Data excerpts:
....
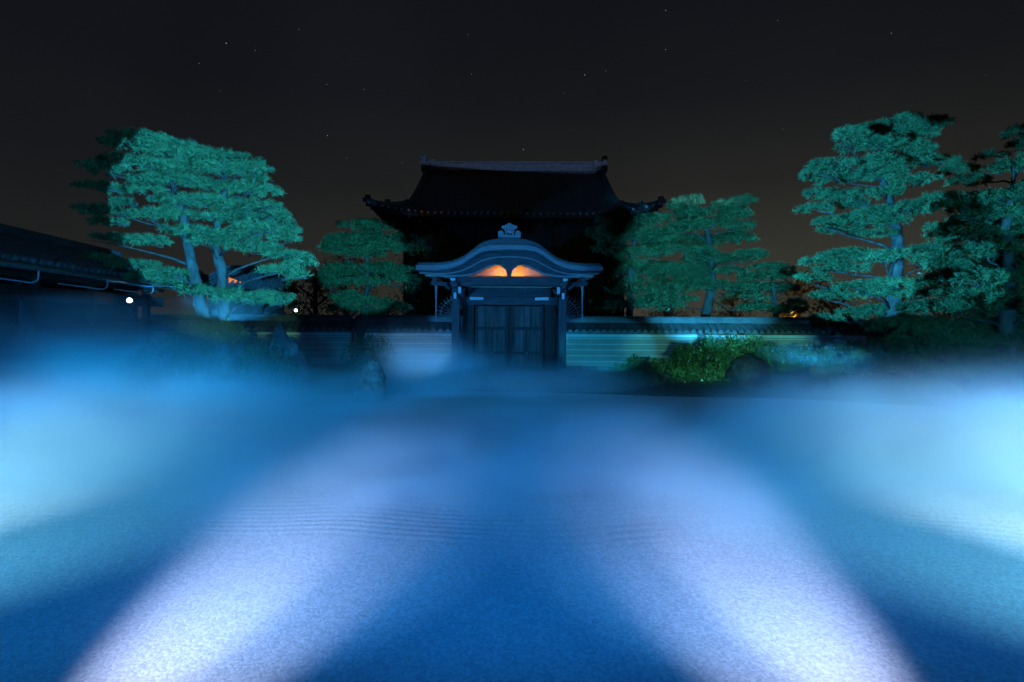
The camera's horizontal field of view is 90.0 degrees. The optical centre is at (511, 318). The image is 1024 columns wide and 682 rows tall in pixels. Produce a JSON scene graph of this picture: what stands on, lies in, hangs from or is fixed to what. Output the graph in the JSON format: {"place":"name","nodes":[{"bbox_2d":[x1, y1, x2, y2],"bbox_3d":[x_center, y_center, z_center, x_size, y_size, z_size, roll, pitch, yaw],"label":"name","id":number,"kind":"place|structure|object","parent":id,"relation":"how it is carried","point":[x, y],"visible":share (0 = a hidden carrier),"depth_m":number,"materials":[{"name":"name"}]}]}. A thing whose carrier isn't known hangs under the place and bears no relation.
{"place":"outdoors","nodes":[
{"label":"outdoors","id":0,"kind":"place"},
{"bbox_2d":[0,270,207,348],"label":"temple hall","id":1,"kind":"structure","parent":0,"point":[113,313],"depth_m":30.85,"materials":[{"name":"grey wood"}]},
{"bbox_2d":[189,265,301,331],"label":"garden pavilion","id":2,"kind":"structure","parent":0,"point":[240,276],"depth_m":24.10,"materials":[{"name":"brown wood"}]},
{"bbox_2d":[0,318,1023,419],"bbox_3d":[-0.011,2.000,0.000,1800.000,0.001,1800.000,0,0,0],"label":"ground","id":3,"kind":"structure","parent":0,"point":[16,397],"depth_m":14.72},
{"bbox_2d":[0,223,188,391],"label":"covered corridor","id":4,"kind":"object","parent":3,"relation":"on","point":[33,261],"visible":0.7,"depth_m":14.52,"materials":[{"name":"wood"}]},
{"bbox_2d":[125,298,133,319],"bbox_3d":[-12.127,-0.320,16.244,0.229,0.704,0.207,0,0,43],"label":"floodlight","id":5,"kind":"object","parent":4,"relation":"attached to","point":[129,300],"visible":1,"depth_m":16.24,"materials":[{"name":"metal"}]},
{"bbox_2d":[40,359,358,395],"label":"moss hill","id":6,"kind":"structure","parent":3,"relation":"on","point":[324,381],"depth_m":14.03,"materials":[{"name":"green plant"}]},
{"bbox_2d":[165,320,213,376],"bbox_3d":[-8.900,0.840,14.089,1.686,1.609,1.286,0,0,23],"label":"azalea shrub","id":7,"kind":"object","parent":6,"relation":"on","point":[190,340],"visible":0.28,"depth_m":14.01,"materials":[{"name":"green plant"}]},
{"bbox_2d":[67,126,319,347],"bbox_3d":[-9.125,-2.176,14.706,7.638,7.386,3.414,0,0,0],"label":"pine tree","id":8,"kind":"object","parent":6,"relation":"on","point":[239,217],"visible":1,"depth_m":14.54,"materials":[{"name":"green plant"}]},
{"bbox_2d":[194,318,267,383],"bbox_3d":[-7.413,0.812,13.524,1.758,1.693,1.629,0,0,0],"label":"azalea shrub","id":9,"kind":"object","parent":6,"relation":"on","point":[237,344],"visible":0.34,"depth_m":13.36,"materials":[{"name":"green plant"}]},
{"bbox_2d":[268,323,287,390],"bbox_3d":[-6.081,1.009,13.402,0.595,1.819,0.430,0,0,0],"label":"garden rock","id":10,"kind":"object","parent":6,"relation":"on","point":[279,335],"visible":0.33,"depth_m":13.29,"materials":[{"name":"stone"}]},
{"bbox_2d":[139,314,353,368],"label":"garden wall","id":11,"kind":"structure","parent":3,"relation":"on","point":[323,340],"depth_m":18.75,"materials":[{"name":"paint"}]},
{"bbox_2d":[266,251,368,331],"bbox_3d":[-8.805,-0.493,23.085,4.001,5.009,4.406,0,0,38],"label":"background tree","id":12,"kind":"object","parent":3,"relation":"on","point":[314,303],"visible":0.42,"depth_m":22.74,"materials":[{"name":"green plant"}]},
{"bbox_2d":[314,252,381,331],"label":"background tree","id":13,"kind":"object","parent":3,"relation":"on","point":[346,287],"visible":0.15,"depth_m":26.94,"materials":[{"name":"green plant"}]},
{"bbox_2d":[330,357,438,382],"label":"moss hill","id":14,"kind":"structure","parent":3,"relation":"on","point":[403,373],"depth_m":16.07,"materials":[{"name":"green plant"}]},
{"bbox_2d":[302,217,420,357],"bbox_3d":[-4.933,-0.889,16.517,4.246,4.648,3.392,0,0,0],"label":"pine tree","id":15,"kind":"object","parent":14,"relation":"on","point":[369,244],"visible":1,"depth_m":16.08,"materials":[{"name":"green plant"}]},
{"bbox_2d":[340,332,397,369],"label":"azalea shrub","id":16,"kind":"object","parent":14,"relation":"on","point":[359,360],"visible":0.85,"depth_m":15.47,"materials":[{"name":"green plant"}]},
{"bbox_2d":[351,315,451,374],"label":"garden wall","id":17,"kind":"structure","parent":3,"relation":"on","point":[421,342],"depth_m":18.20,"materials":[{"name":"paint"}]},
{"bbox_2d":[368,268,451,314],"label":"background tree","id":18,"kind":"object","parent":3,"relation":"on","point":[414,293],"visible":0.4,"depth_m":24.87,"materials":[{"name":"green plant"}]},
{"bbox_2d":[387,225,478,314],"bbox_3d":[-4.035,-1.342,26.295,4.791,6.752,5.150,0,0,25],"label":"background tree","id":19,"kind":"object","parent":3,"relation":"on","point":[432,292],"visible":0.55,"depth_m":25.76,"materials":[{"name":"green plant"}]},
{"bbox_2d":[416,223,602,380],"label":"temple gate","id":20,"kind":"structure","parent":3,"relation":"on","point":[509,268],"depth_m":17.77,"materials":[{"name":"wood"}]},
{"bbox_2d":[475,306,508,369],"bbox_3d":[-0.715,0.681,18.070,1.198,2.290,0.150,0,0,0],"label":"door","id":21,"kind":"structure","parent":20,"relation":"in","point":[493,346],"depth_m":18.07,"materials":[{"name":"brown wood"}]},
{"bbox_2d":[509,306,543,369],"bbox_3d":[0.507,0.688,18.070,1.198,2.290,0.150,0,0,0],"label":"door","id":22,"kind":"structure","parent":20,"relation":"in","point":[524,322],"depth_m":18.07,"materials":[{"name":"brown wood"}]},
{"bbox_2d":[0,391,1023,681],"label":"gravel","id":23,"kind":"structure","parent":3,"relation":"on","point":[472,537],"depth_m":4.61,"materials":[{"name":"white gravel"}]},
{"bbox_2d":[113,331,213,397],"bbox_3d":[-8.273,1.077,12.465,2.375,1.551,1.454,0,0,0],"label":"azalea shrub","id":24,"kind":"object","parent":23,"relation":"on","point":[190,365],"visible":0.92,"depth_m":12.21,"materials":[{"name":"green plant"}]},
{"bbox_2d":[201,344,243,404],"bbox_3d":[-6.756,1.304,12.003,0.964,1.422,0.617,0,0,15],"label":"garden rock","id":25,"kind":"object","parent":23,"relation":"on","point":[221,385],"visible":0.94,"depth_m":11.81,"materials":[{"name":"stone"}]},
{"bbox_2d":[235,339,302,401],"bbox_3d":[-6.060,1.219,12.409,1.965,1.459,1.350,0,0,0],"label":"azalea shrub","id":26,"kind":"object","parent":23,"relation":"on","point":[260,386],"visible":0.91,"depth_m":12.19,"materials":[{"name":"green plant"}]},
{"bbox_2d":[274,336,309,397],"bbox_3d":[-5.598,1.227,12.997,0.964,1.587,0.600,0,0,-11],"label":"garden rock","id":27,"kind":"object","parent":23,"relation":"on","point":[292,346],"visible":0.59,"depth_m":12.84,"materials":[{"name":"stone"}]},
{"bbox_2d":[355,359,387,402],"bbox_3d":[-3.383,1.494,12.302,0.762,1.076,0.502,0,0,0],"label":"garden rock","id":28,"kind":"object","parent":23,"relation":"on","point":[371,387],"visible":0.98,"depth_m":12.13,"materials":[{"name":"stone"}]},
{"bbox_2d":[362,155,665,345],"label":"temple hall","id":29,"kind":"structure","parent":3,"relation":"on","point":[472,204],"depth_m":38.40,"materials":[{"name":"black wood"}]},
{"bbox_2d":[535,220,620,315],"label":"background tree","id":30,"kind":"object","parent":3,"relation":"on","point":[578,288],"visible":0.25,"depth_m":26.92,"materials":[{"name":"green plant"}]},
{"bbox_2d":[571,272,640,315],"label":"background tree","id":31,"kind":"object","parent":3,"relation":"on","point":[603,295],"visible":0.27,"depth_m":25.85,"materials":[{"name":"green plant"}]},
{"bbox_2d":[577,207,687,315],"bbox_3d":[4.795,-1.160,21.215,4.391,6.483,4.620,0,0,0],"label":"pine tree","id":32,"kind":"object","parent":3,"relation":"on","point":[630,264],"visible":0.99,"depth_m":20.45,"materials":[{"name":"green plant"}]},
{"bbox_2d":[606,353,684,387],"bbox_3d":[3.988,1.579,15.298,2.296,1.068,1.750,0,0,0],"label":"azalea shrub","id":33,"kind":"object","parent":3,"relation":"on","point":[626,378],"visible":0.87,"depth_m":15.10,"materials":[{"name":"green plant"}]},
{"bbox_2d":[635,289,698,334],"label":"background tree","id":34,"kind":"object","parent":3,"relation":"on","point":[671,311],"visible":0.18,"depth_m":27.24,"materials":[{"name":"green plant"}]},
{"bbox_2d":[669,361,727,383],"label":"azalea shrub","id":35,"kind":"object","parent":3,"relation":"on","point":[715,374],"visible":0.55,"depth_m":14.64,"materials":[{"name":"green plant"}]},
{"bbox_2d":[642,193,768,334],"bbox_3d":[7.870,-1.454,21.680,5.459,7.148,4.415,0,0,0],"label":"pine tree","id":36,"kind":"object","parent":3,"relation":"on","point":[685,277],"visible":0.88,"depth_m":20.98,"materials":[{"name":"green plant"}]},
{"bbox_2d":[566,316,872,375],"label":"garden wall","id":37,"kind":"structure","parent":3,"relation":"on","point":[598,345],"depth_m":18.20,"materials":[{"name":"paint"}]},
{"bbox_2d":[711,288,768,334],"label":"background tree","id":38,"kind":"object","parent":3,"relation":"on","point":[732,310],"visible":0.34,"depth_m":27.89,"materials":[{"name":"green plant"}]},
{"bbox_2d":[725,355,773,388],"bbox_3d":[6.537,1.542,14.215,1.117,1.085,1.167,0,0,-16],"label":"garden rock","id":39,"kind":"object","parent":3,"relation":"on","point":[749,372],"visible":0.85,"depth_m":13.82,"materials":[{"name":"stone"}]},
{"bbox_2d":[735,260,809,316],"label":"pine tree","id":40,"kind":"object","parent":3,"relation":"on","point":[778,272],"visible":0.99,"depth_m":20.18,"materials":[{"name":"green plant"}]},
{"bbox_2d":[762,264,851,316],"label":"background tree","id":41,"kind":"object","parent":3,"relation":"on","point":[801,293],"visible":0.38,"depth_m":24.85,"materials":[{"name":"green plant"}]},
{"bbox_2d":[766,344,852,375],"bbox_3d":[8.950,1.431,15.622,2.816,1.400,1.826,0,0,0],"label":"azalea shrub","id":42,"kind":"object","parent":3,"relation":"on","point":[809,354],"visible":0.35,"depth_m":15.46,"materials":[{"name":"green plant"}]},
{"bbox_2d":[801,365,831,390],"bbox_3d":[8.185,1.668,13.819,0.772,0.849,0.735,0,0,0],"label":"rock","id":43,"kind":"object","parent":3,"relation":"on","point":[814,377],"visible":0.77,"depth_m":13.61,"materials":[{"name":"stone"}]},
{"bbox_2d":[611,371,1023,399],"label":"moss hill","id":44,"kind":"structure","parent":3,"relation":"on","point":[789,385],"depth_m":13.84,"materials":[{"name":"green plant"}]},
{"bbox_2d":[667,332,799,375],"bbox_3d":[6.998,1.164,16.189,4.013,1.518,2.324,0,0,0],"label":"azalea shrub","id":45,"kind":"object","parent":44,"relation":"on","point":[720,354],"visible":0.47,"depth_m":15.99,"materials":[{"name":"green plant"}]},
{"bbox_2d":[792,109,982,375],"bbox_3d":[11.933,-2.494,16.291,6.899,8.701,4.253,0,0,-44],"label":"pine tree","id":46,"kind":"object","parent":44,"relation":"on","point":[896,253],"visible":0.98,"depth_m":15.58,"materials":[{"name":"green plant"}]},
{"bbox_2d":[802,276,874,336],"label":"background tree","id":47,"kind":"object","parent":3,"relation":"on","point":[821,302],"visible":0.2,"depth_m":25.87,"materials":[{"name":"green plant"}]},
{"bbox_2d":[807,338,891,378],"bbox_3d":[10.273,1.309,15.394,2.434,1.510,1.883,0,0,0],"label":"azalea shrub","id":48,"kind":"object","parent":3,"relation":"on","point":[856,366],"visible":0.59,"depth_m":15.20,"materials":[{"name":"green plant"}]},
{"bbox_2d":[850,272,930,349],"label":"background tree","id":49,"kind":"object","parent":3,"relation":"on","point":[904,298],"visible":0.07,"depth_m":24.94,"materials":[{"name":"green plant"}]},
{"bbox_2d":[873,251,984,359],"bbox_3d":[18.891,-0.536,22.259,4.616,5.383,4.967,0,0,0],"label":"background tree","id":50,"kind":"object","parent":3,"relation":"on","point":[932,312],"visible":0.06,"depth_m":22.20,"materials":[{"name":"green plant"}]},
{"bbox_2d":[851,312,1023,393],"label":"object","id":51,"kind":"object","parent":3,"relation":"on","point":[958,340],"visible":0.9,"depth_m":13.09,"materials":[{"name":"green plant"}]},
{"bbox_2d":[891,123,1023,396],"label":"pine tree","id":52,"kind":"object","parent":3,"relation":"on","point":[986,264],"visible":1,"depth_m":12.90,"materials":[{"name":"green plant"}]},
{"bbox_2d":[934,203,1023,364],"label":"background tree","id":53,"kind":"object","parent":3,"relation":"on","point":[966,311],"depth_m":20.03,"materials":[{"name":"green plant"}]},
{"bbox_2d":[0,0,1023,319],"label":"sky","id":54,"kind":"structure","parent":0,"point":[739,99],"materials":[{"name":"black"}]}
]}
....
Exercise:
If a line of the entries holds the word "black", copy it out.

Reply:
{"bbox_2d":[362,155,665,345],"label":"temple hall","id":29,"kind":"structure","parent":3,"relation":"on","point":[472,204],"depth_m":38.40,"materials":[{"name":"black wood"}]},
{"bbox_2d":[0,0,1023,319],"label":"sky","id":54,"kind":"structure","parent":0,"point":[739,99],"materials":[{"name":"black"}]}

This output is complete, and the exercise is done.